Selon la Cour des Comptes, la baisse des barèmes de l’impôt sur le revenu a surtout bénéficié aux 10 % des contribuables les plus aisés. L’abaissement des seuils et les exonérations des titres de pacte d’actionnaires dans le cadre de l’ISF leur ont également profité. Or, selon l’observatoire des conjonctures économiques (OFCE) ceux-ci épargnent plus qu’ils ne consomment au contraire des 17 millions d’autres foyers fiscaux imposables (49 % des ménages sont exonérés).
« Les contribuables des tranches inférieures et moyennes sont les grands oubliés des dernières mesures fiscales » constate Vincent Drezet, secrétaire du Syndicat national Unifié des Impôts, ils ont subi la hausse de la CSG, (y compris les retraités), ils se sont endettés pour consommer, donc ils ont payé davantage de TVA. Enfin, les ménages ont également vu les taxes d’habitation et les taxes foncières augmenter (NDLR : 18 % entre 2002 et 2007 hors inflation) ». Sans oublier les carburants...
Cette pression fiscale ciblée sur les salariés participe à l’érosion du pouvoir d’achat. Si en plus, on ponctionne leur épargne.

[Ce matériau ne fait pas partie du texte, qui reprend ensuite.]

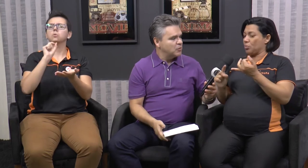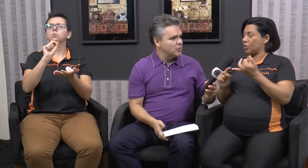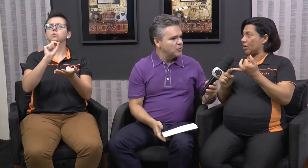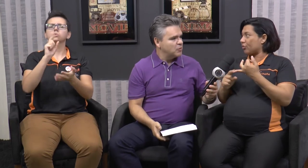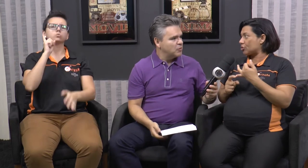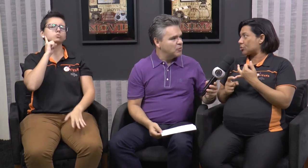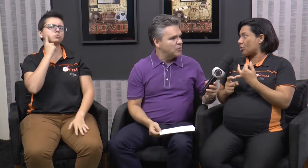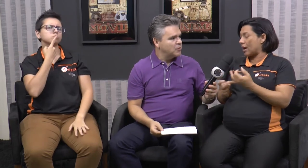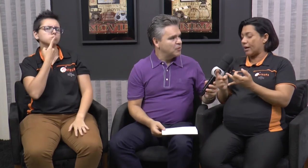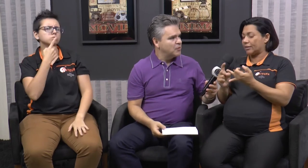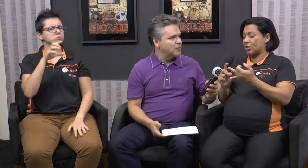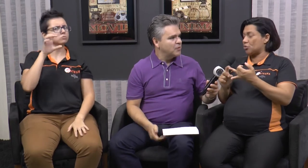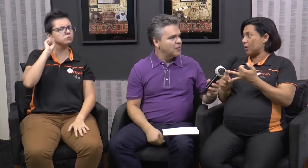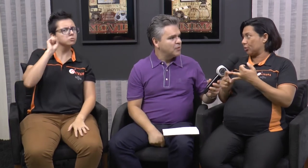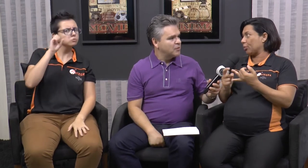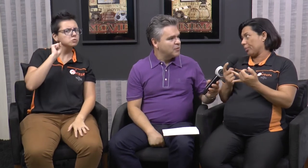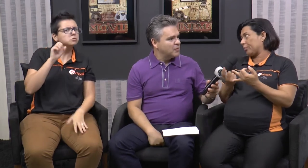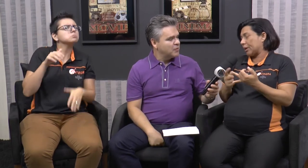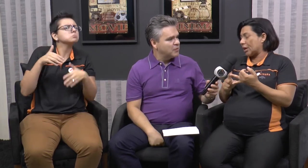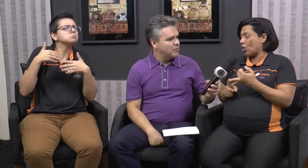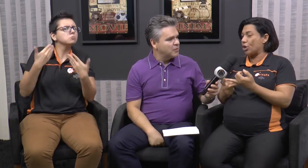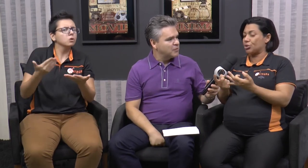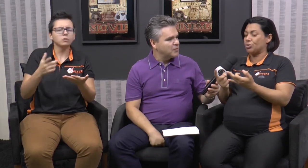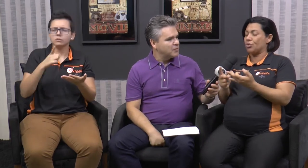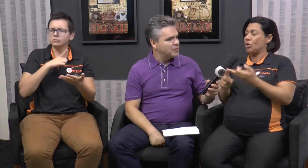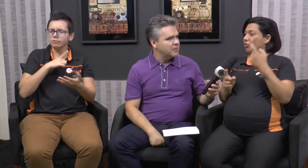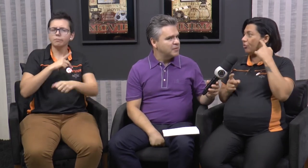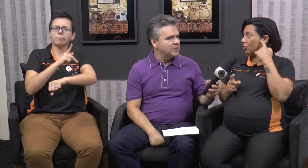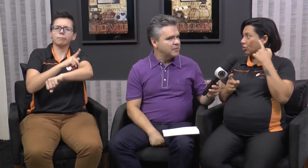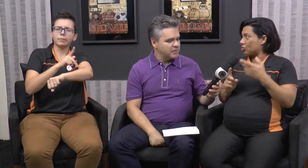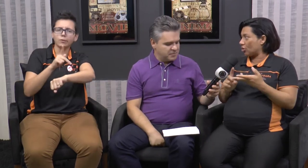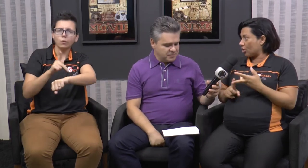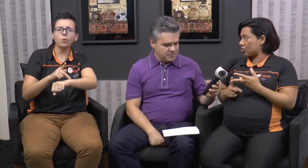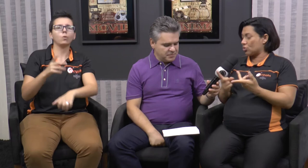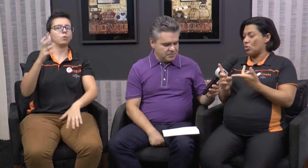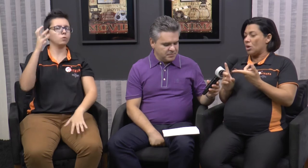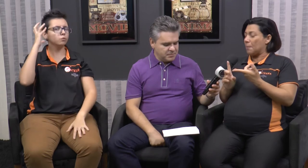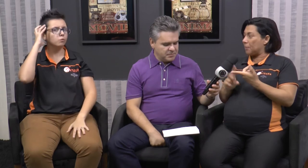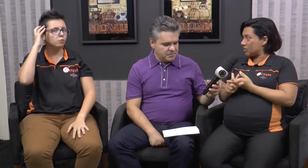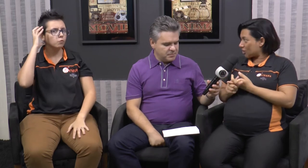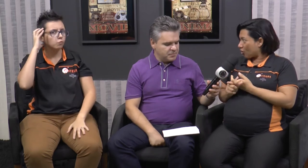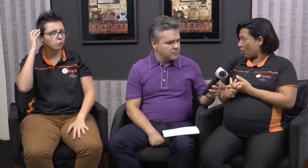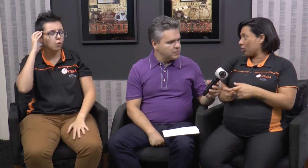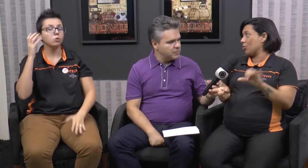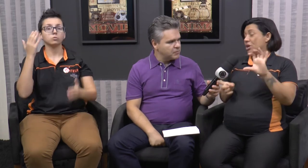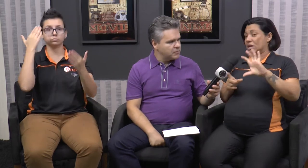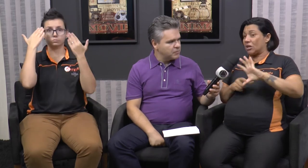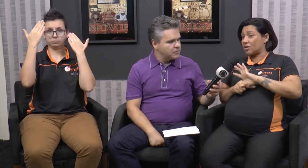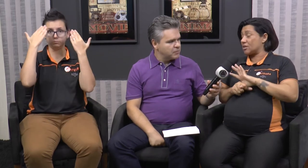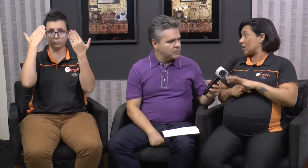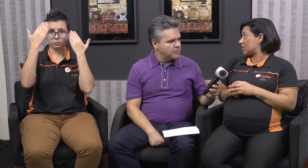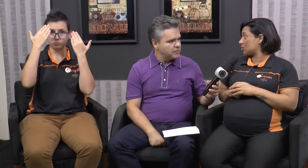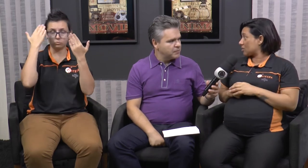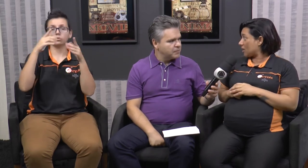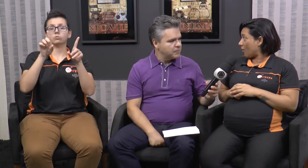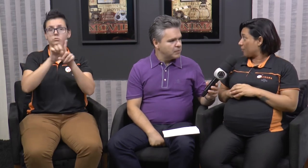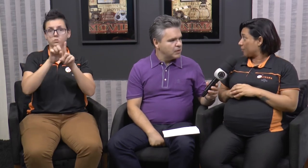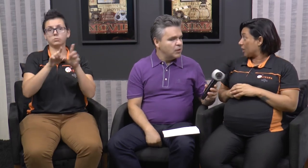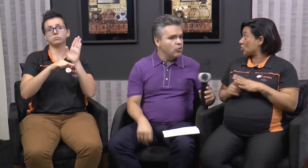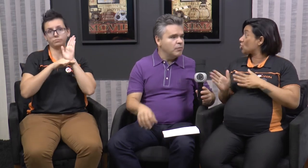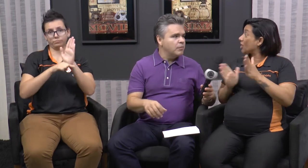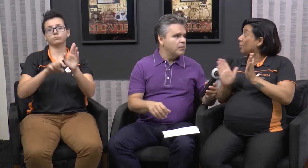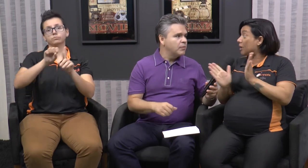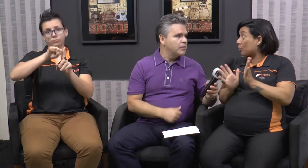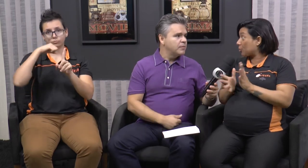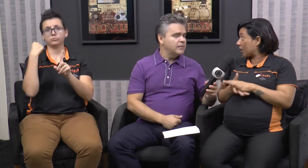Que vão pra reforço escolar, atendimento pedagógico, fonoaudiológico, psicólogo e com assistência social.

« On tape dans les cagnottes des retraités et des salariés »
Bernard Plagnet, universitaire, est expert en fiscalité.

>> Qui sera touché par ces nouveaux prélèvements?
On tape sur le retraité, le salarié en fin de carrière qui place sa cagnotte en assurance-vie ou en investissement immobilier. Ces ménages ne sont pas assez fortunés pour défiscaliser leur revenu via des niches ou délocaliser leur patrimoine. Sur les 12 millions de titulaires de contrats d’assurance-vie, 80 % paient entre 2000 et 5000 € euros d’impôt sur le revenu par an.

>> Quel sera l’impact pour l’économie?
Ce prélèvement est pénalisant pour la consommation qui est non seulement un moteur de l’économie mais aussi un pourvoyeur de recettes pour l’État via la TVA. Par ricochet, les jeunes et les ménages modestes seront touchés car les propriétaires répercuteront forcément la taxe RSA sur le prix du loyer.

>> Quelle aurait été la bonne solution pour payer le RSA?
On a clairement choisi la solution de facilité dans le but de faire un coup politique. La seule solution, compte tenu des déficits, c’était de financer cette mesure par des économies sur le budget de l’État avec un redéploiement courageux des moyens. Il y avait aussi la piste des niches fiscales : elles coûtent plus de 73 milliards à l’État et permettent par exemple à 100 foyers fiscaux qui gagnent plus d’un million d’euros par an de payer moins de 1000 euros d’impôt sur le revenu. Encore aurait-il fallu coordonner le RSA avec d’autres mesures comme la prime pour l’emploi jugée par le député UMP Thierry Mariani comme « une usine à gaz incompréhensible dont on ne connaît pas l’impact sur l’emploi ». Sans doute faudrait-il l’évaluer avant d’ajouter d’autres mesures.
Recueilli par P.J.

SOS Français moyen...
Un impôt sur le capital pour financer les solidarités envers les plus démunis…
Le communiste Georges Marchais en rêvait dans les années 1970. Le libéral Sarkozy l’a fait en 2008. Mais il a quand même pensé aux amis propriétaires de yacht : les 23 000 prétendants au bouclier fiscal, les « délocalisés » en Suisse et autres évadés du fisc n’apporteront pas leur obole à la nouvelle version du RMI.
En juin dernier, au titre du bouclier fiscal, l’État a déjà restitué à 13 124 contribuables la somme de 221 819 413 euros. L’équivalent du revenu annuel de 45 000 bénéficiaires des minima. Ou du financement de 10 lycées avec les profs et les surveillants qui vont dedans. Une fois de plus, la facture revient à ceux qui parviennent à se maintenir plus ou moins aisément dans la classe dite moyenne.
Après 15 ans de politiques fiscales de gauche et autant de droite, cette espèce menacée du «Français moyen plus» est sollicitée pour compenser les cadeaux fiscaux accordés à l’étage supérieur et pour abonder le puits sans fond des allocations, primes et autres minima sociaux.
À force de se superposer, ils finissent par installer des populations dans la précarité, par créer des trappes de pauvreté. À la sortie, les déficits augmentent, le pouvoir d’achat baisse. Et les mêmes paient toujours.